Y aun cuando en 2019 se diseñó y aprobó el Modelo Nacional de Policía y Justicia Cívica que reconoce esta crisis y diseña un plan para darle la vuelta, no ha recibido recursos a casi un año de su aprobación. En cambio, se continúa apostando política y presupuestalmente a la estrategia de militarización. 

“Lo que hay es un desprecio político total a la policía. Se les reclama que no dan resultados, que cometen abusos… pero no se les prepara para que no ocurra”, dice Luis de la Barreda, especialista en derecho penal y expresidente fundador de la Comisión de Derechos Humanos de la capital.

Bajos salarios, equipo incompleto

El informe de Causa en Común arroja que al cierre del año pasado los policías estatales en México percibían un salario promedio de 11 mil 787 pesos mensuales. Pero la realidad no es la misma para todos: aproximadamente 4 de cada 10 uniformados tienen un ingreso mensual inferior a los 10 mil pesos.

Los estados con los salarios más bajos para sus agentes son Oaxaca, donde perciben 7 mil 346 pesos; Tlaxcala, donde ganan 8 mil 556 pesos; Chiapas, con 8 mil 645 pesos; Hidalgo, donde los agentes reciben 9 mil 343 pesos; y Campeche, con 9 mil 418 pesos.

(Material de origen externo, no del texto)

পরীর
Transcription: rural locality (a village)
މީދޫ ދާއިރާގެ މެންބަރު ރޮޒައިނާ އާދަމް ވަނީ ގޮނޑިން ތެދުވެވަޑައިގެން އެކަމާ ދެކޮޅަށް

Solo existen dos estados en el país donde los policías estatales perciben un salario base superior a los 15 mil pesos: Baja California, donde ganan 18 mil 201 pesos mensuales, y San Luis Potosí, donde perciben 15 mil 434 pesos.

Un problema que agrava más la precariedad salarial es que, al menos, la mitad de los uniformados deben invertir parte de su propio sueldo para adquirir el equipo básico con el que deberían de contar.

El análisis revela, por ejemplo, que a nivel nacional el 51% de los policías en promedio deben invertir de su bolsa para adquirir su calzado y sus botas, y en estados, como Veracruz, Sonora y Chihuahua, 8 de cada 10 agentes gastan parte de su salario en ello.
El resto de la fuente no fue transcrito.